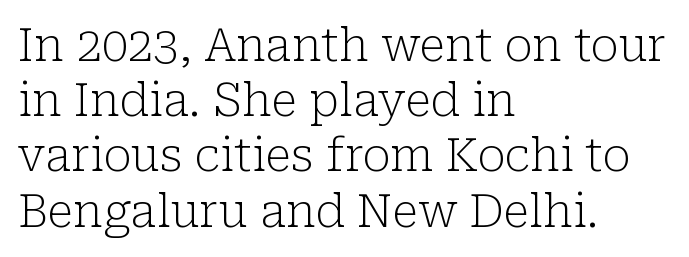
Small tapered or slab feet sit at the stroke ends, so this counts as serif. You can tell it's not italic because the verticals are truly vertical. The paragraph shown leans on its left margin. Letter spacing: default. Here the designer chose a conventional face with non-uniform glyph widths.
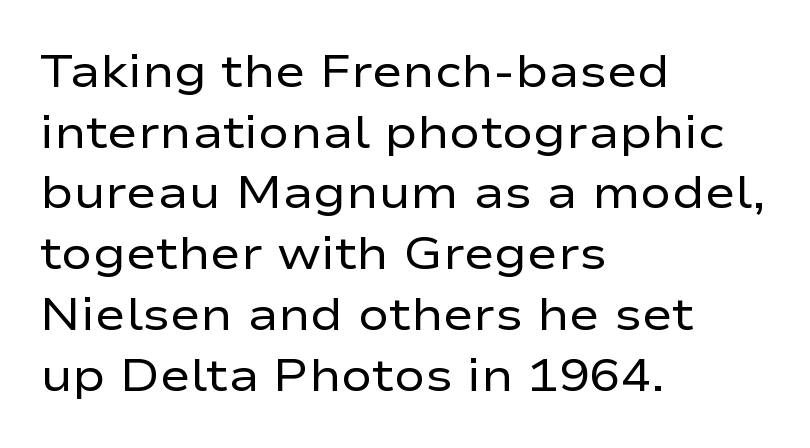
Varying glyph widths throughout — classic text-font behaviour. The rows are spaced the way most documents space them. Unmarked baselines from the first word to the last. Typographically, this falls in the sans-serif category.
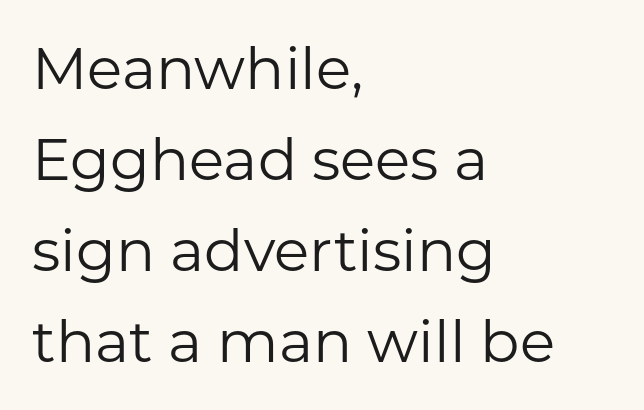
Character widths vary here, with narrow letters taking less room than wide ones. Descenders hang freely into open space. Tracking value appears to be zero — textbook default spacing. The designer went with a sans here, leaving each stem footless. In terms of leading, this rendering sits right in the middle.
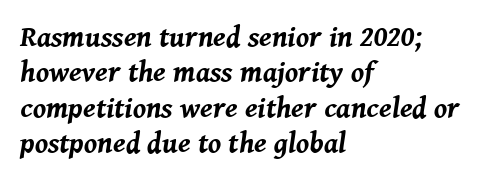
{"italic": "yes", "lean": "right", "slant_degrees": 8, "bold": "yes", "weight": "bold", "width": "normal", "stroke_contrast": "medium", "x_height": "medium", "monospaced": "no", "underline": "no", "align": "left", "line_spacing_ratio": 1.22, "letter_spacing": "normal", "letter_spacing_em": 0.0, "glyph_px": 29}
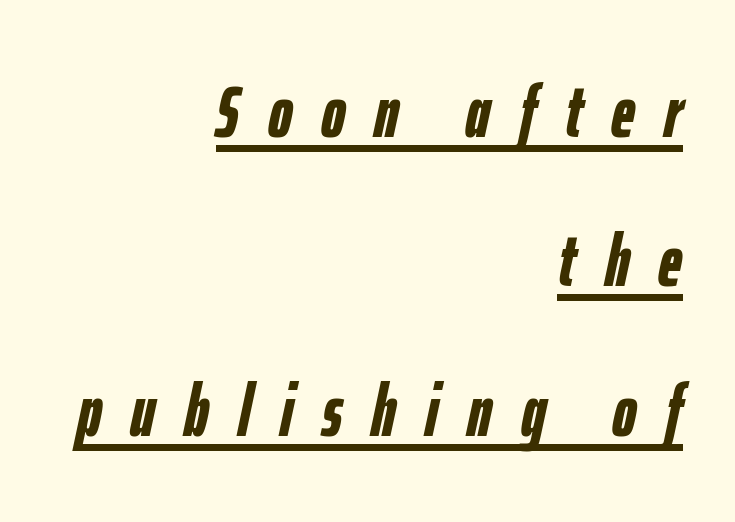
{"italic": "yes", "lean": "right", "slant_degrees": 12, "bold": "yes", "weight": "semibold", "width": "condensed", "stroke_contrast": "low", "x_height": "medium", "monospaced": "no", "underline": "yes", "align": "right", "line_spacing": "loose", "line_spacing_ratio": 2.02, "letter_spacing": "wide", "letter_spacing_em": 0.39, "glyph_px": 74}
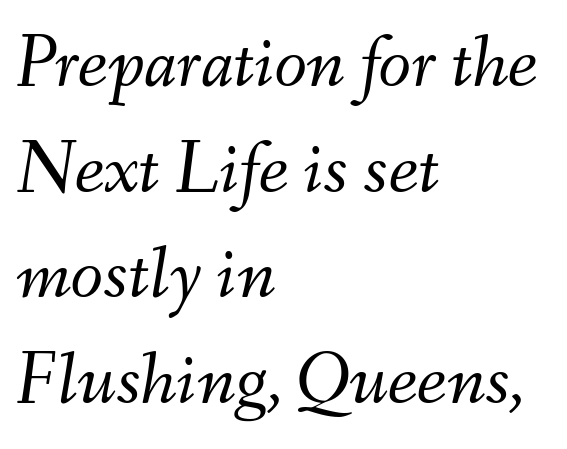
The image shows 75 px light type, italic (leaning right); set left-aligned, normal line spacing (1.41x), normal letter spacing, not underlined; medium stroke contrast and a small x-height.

────────────────────────────────────────

What is required:
Write out the records in full and exactly, omitting the pictures they hold.

Exercise response:
Small tapered or slab feet sit at the stroke ends, so this counts as serif. You can tell it's not italic because the verticals are truly vertical. The paragraph shown leans on its left margin. Letter spacing: default. Here the designer chose a conventional face with non-uniform glyph widths.
Varying glyph widths throughout — classic text-font behaviour. The rows are spaced the way most documents space them. Unmarked baselines from the first word to the last. Typographically, this falls in the sans-serif category.
Character widths vary here, with narrow letters taking less room than wide ones. Descenders hang freely into open space. Tracking value appears to be zero — textbook default spacing. The designer went with a sans here, leaving each stem footless. In terms of leading, this rendering sits right in the middle.
{"italic": "yes", "lean": "right", "slant_degrees": 8, "bold": "yes", "weight": "bold", "width": "normal", "stroke_contrast": "medium", "x_height": "medium", "monospaced": "no", "underline": "no", "align": "left", "line_spacing_ratio": 1.22, "letter_spacing": "normal", "letter_spacing_em": 0.0, "glyph_px": 29}
{"italic": "yes", "lean": "right", "slant_degrees": 12, "bold": "yes", "weight": "semibold", "width": "condensed", "stroke_contrast": "low", "x_height": "medium", "monospaced": "no", "underline": "yes", "align": "right", "line_spacing": "loose", "line_spacing_ratio": 2.02, "letter_spacing": "wide", "letter_spacing_em": 0.39, "glyph_px": 74}
The image shows 75 px light type, italic (leaning right); set left-aligned, normal line spacing (1.41x), normal letter spacing, not underlined; medium stroke contrast and a small x-height.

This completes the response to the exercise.